M. H.DANELIUS, président

Mme G.H. THUNE, MM. G.JÖRUNDSSON, J.C. SOYER, H.G. SCHERMERS, F. MARTINEZ, L. LOUCAIDES, J.C. GEUS, M.A. NOWICKI, I. CABRAL BARRETO, J. MUCHA, D. SVÄBY, P. LORENZEN

Mme M.T. SCHOEPFER, secrétaire de la chambre.

Vu l’article 25 de la Convention de sauvegarde des Droits de l’Homme et des Libertés fondamentales ;

Vu la requête introduite le 7 septembre 1995 par Omar RADDAD contre la France et enregistrée le 26 septembre 1995 sous le N° de dossier 28709/95 ;

Vu le rapport prévu à l’article 47 du Règlement intérieur de la Commission ;

Après avoir délibéré,

Rend la décision suivante :

EN FAIT

Le requérant, de nationalité marocaine, né en 1962, a exercé la profession de jardinier et est actuellement détenu à la maison d’arrêt de Grasse.

Devant la commission, le requérant est représenté par Maître Neville Maryan Green, avocat aux barreaux de Paris et de Londres, ainsi que par Maîtres Didier Bouthors et Claire Waquet, avocats au Conseil d’Etat et à la Cour de cassation.

Les faits, tels qu’ils ont été évoqués par le requérant, peuvent se résumer comme suit :

Le 24 juin 1991, le corps de Madame Marchal, qui employait le requérant comme jardinier, fut découvert dans la cave de sa villa. Deux inscriptions en lettres de sang figuraient sur le mur ; " omar m’a tuer " et " omar m’a ".

Une information judiciaire fut ouverte à l’encontre du requérant, prénommé Omar. IL fut mis en examen du chef d’homicide volontaire.

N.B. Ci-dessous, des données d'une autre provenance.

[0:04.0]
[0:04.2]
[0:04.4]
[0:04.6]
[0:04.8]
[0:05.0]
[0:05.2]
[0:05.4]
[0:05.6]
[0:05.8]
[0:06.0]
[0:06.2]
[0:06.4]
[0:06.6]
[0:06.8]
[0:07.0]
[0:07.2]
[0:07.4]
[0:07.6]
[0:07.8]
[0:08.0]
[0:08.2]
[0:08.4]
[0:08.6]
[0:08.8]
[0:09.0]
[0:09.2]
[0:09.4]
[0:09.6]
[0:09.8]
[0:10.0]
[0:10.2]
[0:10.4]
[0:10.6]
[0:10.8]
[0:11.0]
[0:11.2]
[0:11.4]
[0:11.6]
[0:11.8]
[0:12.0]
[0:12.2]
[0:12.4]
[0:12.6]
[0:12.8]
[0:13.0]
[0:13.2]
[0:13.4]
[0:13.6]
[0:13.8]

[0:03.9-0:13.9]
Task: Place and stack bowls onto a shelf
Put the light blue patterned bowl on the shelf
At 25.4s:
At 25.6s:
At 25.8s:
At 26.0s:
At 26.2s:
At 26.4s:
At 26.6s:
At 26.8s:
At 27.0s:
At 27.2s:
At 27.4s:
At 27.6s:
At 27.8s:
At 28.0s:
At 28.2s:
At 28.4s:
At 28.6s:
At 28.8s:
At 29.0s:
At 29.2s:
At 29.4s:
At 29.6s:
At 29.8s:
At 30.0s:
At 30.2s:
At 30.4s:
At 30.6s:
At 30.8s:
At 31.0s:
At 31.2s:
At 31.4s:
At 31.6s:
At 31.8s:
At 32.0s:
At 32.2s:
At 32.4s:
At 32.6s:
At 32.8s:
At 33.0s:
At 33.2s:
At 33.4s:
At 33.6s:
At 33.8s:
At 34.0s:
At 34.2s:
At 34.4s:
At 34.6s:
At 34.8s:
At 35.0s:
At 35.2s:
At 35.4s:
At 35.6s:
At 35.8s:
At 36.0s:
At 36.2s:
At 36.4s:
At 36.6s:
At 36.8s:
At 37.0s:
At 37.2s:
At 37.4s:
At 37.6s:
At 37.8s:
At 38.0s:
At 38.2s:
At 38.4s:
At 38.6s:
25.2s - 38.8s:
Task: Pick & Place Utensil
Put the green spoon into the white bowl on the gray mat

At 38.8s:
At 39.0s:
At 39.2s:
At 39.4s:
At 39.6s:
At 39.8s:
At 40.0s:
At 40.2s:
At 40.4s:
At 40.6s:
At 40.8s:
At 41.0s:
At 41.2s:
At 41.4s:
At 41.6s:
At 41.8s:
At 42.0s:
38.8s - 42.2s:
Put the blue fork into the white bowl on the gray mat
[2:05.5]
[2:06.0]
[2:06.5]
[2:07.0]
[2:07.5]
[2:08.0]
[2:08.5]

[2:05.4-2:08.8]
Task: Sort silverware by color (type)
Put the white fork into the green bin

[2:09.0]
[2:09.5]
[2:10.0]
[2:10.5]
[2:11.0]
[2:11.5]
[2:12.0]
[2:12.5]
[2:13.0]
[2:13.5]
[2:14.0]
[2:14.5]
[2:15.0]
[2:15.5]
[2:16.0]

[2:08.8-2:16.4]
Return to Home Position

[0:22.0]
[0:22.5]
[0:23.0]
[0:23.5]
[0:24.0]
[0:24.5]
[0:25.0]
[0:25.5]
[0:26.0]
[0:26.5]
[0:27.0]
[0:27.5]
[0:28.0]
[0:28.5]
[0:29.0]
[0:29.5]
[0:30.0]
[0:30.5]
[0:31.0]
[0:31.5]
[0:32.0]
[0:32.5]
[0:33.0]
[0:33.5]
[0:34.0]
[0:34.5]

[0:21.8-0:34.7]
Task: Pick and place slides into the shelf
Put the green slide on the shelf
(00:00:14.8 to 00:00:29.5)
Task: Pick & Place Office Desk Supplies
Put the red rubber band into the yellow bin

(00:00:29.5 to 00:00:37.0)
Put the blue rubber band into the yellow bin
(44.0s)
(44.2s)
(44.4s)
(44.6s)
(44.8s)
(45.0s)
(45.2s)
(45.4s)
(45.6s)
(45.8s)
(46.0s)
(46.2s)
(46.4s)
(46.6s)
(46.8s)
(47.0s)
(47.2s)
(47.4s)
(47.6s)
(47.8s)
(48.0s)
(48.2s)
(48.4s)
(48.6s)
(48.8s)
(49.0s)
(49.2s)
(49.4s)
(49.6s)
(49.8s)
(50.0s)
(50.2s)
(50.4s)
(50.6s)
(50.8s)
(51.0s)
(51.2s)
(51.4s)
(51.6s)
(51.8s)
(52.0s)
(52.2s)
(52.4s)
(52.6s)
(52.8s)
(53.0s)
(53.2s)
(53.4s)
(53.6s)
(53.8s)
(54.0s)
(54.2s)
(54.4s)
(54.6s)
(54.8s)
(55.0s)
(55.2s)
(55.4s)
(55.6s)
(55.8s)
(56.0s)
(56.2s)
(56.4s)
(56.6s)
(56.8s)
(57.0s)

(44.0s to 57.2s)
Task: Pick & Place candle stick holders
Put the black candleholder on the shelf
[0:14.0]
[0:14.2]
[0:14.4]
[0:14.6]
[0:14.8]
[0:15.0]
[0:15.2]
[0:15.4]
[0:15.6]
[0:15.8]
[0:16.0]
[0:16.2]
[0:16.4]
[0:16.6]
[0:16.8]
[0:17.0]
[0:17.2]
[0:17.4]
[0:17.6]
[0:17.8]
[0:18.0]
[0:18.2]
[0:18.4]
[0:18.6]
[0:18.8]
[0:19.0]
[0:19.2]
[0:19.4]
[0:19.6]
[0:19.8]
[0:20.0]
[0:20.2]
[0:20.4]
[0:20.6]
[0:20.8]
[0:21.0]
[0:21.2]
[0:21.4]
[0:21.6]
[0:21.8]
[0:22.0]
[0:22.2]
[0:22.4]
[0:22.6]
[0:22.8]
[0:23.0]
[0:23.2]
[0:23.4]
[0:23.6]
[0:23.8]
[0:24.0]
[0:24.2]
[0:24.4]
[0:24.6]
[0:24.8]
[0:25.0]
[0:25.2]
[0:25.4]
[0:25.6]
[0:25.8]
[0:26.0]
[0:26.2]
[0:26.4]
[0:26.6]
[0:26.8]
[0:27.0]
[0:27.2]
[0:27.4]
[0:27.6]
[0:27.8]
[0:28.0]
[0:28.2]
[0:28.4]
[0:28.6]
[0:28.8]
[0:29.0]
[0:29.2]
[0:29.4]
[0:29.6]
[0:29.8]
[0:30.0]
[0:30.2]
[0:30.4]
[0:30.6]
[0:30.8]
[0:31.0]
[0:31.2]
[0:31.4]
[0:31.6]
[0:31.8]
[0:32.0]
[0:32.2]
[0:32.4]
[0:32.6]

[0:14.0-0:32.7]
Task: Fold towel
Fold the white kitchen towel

Le 11 mars 1993, le juge d’instruction ordonna la transmission du dossier de la procédure au procureur général près la cour d’appel d’Aix-en-Provence.

Par arrêt du 14 avril 1993, la chambre d’accusation d’Aix-en-Provence mit le requérant en accusation du chef d’homicide volontaire et le renvoya devant la cour d’assises du département des Alpes-Maritimes. Il fit un pourvoi en cassation, dont il se désista ultérieurement. La Cour de Cassation lui donna acte de son désistement le 27 juillet 1993.

Les débats se déroulèrent du 24 janvier au 2 février 1994. Pendant les débats, le requérant fut assisté de plusieurs avocats et d’un interprète. Il ne sollicita pas la traduction de l’arrêt de renvoi.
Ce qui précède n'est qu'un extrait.